When a connection is set up, the congestion window, a value maintained independently at each host, is set to a small multiple of the MSS allowed on that connection. Further variance in the congestion window is dictated by an AIMD approach. This means that if all segments are received and the acknowledgments reach the sender on time, some constant is added to the window size. When the window reaches ssthresh, the congestion window increases linearly at the rate of 1/(congestion window) segment on each new acknowledgement received. The window keeps growing until a timeout occurs. On timeout:
- Congestion window is reset to 1 MSS.
- ssthresh is set to half the congestion window size before the timeout.
- slow start is initiated.
The flow of data over a TCP connection is also controlled by the use of the receive window advertised by the receiver. By comparing its own congestion window with the receive window, a sender can determine how much data it may send at any given time.

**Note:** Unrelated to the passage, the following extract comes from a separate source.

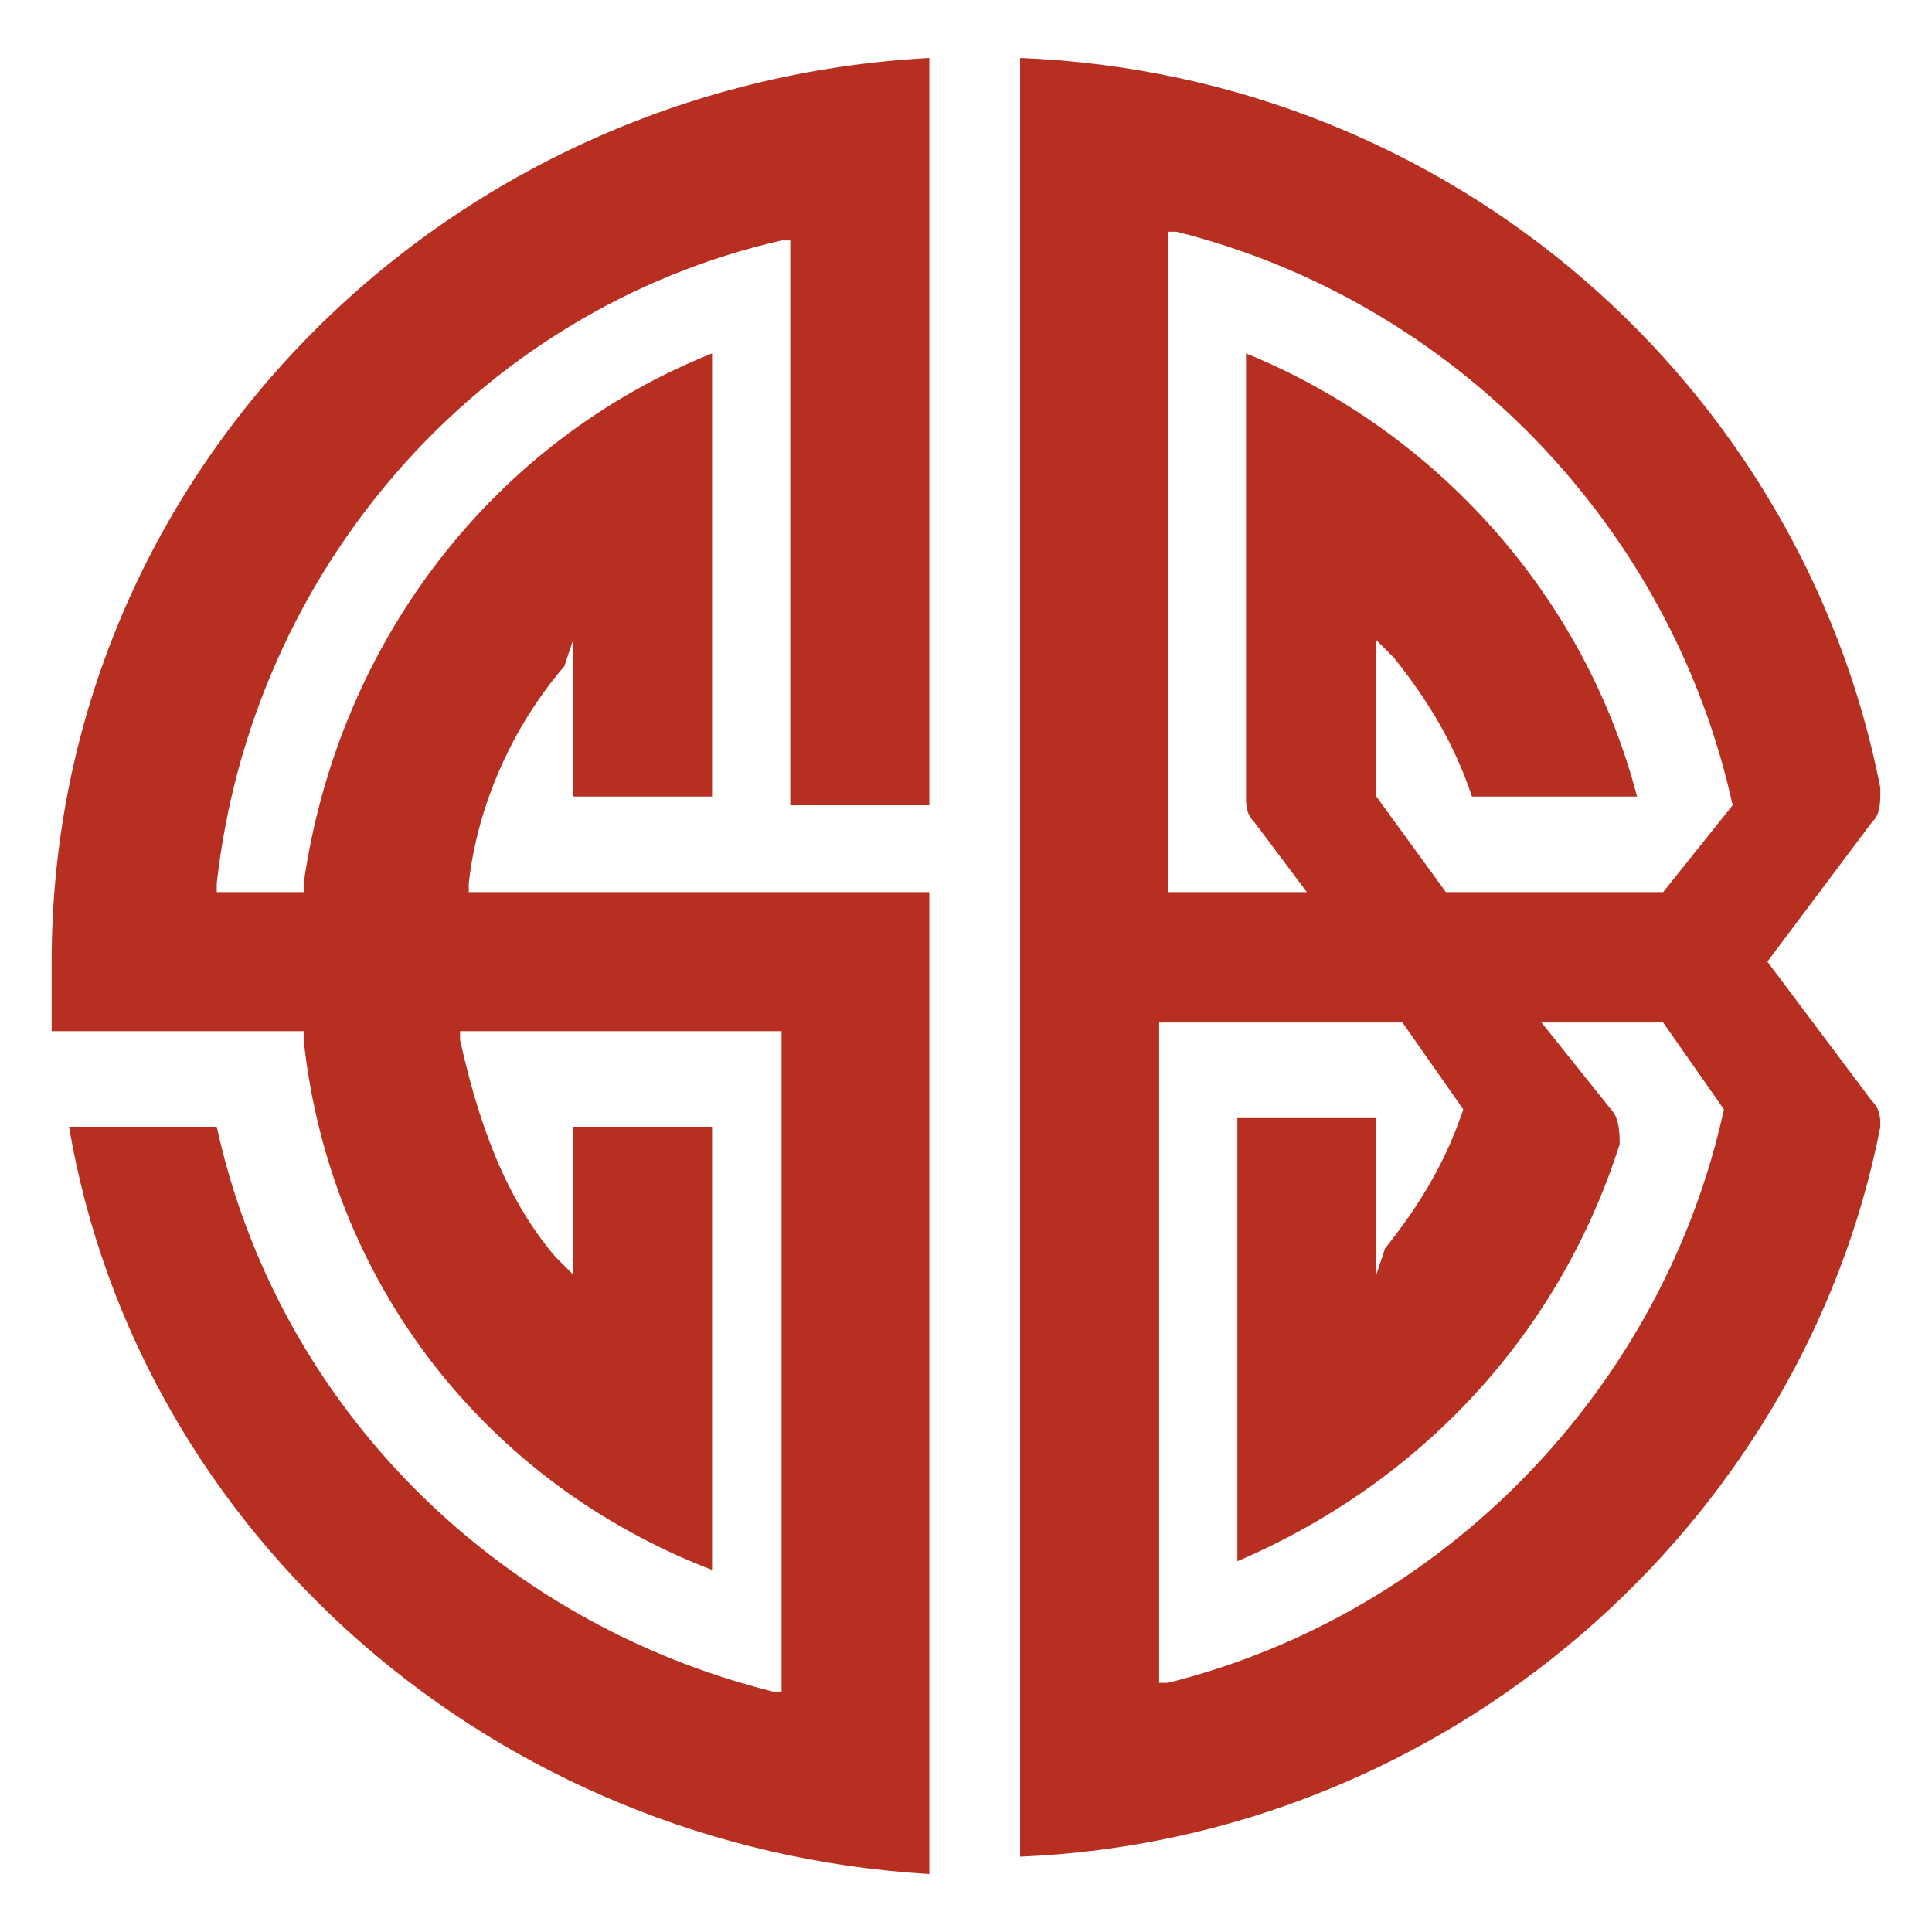<svg width="100" height="100" viewBox="0 0 100 100" fill="none" xmlns="http://www.w3.org/2000/svg">
<path fill-rule="evenodd" clip-rule="evenodd" d="M2.674 53.373V49.775C2.674 24.588 22.913 4.349 48.1 3V41.679H40.904V12.445H40.454C24.712 16.043 13.018 29.536 11.219 45.727V46.177H15.717V45.727C17.516 33.134 25.612 22.79 36.856 18.292V41.23H29.66V33.134L29.21 34.483C26.511 37.632 24.712 41.679 24.262 45.727V46.177H48.1V97C25.612 95.651 7.171 79.459 3.573 58.321H11.219C14.368 72.713 25.612 83.957 40.004 87.555H40.454V53.373H23.813V53.823C24.712 57.871 26.061 61.919 28.76 65.067L29.66 65.966V58.321H36.856V81.258C25.162 76.761 17.066 66.416 15.717 53.823V53.373H2.674ZM97.327 40.78C97.327 41.679 97.327 42.129 96.877 42.579L91.48 49.775L96.877 56.971C97.327 57.421 97.327 57.871 97.327 58.321C93.279 79.01 74.839 95.201 52.801 96.1V3C75.289 3.9 93.279 20.091 97.327 40.78ZM60.447 87.105C74.839 83.507 86.083 71.813 89.231 57.421L86.083 52.923H79.786L83.385 57.421C83.834 57.871 83.834 58.77 83.834 59.22C80.686 69.115 73.49 76.761 64.045 80.809V57.871H71.241V65.966L71.691 64.617C73.49 62.368 74.839 60.12 75.739 57.421L72.59 52.923H59.997V87.105H60.447ZM74.839 46.177H86.083L89.681 41.679C86.533 27.287 75.289 15.593 60.897 11.995H60.447V46.177H67.643L64.944 42.579C64.495 42.129 64.495 41.679 64.495 41.23V18.292C74.389 22.34 82.035 30.885 84.734 41.23H76.188C75.289 38.531 73.939 36.282 72.141 34.033L71.241 33.134V41.23L74.839 46.177Z" fill="#B62F21"/>
</svg>

Slow start is part of the congestion control strategy used by TCP in conjunction with other algorithms to avoid sending more data than the network is capable of forwarding, that is, to avoid causing network congestion. The algorithm is specified by RFC 5681.
Although the strategy is referred to as slow start, its congestion window growth is quite aggressive, more aggressive than the congestion avoidance phase. Before slow start was introduced in TCP, the initial pre-congestion avoidance phase was even faster.
Slow start begins initially with a congestion window size (cwnd) of 1, 2, 4 or 10 MSS.:1 The value for the congestion window size will be increased by one with each acknowledgement (ACK) received, effectively doubling the window size each round-trip time.[c] The transmission rate will be increased by the slow-start algorithm until either a loss is detected, or the receiver's advertised window (rwnd) is the limiting factor, or ssthresh is reached. If a loss event occurs, TCP assumes that it is due to network congestion and takes steps to reduce the offered load on the network. These measurements depend on the exact TCP congestion avoidance algorithm used.
- TCP Tahoe
- When a loss occurs, fast retransmit is sent, half of the current CWND is saved as ssthresh and slow start begins again from its initial CWND. Once the CWND reaches ssthresh, TCP changes to congestion avoidance algorithm where each new ACK increases the CWND by MSS / CWND. This results in a linear increase of the CWND.
- TCP Reno
- A fast retransmit is sent, half of the current CWND is saved as ssthresh and as new CWND, thus skipping slow start and going directly to the congestion avoidance algorithm. The overall algorithm here is called fast recovery.
Once ssthresh is reached, TCP changes from slow-start algorithm to the linear growth (congestion avoidance) algorithm. At this point, the window is increased by 1 segment for each round-trip delay time (RTT).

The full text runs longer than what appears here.